Анненский не всегда последователен в своем стремлении примирить вопросы об общественном назначении художника и "абсолютной" свободе искусства от общественных требований. Явно отталкиваясь от требований "утилитарной" критики, в частности ведя порой скрытую полемику с Н. К. Михайловским {Так, Н. К. Михайловский не раз высказывал мнение о том, что каждый художник должен быть публицистом в душе. Против этого, очевидно, направлены отдельные высказывания Анненского. Например, в статье "Об эстетическом отношении Лермонтова к природе" (1892) Анненский пишет: "Стихия поэта - природа и духовная независимость. Как человек, поэт, конечно, подчинен общим этическим законам, но смешно налагать на него обязанности общественной службы: он вовсе не должен быть учителем или публицистом, проповедником или трибуном" (с. 243-244).}, Анненский вместе с тем не сомневается в том, что искусство имеет не только эстетическую и познавательную, но и непреходящую нравственную ценность. Однако поскольку все эти качества Анненский считает присущими искусству имманентно, постольку утилитарные требования к искусству он рассматривает как чуждые самой его художественной природе.
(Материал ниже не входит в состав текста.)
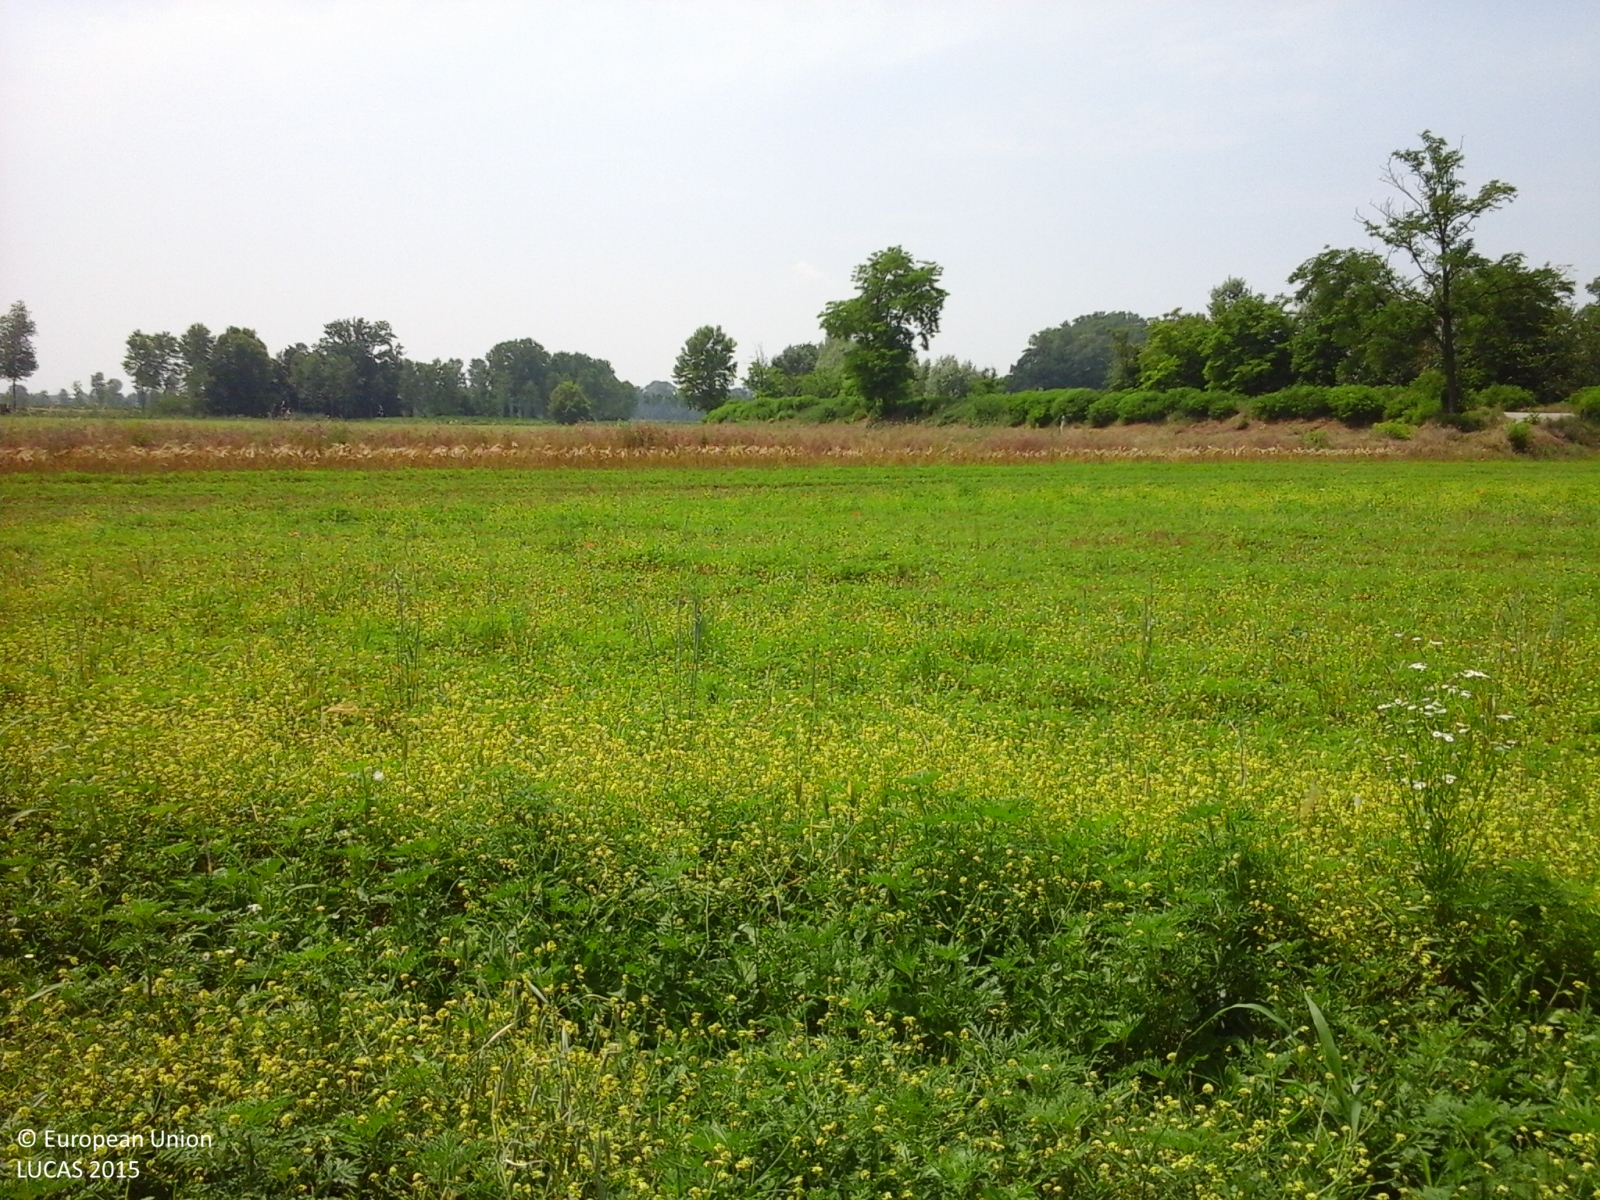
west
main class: Grassland
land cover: Spontaneously vegetated surfaces
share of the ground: > 75 %
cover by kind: herbaceous plants 100 %
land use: Agriculture (excluding fallow land and kitchen gardens)
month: June
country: IT
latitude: 45.2695
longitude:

Вопрос об общественной "пользе" искусства и назначении художника решали не только прямые наследники критиков-"шестидесятников", решали его и символисты. Взгляды их были различны. Так, молодой Брюсов декларировал независимость искусства от действительности: "Нас томят условные формы общежития, томят условные формы нравственности, самые условия познания, все, что наложено извне. Все ясней сознается, что если в мире есть только то, что видимо есть, - жить незачем не стоит. Мы принимаем все религии, все мистические учения, только бы не быть в действительности" {Брюсов В. Ко всем, кто ищет. - В кн.: Миропольский А. Лествица. М., 1903, с. 10-11.}. Для Блока этот вопрос имел первостепенное значение. В 1908 г. он писал: "Перед русским художником вновь стоит неотступно этот вопрос пользы. Поставлен он не нами, а русской общественностью, в ряды которой возвращаются постепенно художники всех лагерей. Вопрос этот - пробный камень для художника современности... В сознании долга, великой ответственности и связи с народом и обществом, которое произвело его, художник находит силу ритмически идти единственно необходимым путем" {Блок А. Собр. соч.: В 8-ми т. М.-Л.: ГИХЛ, 1960-1963. Т. 5. с. 237-238. Далее все ссылки на это издание приводятся с указанием тома и страницы.}.
Для Анненского проблема ответственности писателя перед обществом стоит не с такой остротой, как для Блока, но и он рассматривает творческий процесс не только как эстетический, но прежде всего как нравственный акт, как акт "самопознания и самопроверки" художника. Не ощущая исторической перспективы этого вопроса, Анненский решает его, не выходя за пределы системы нравственных ценностей.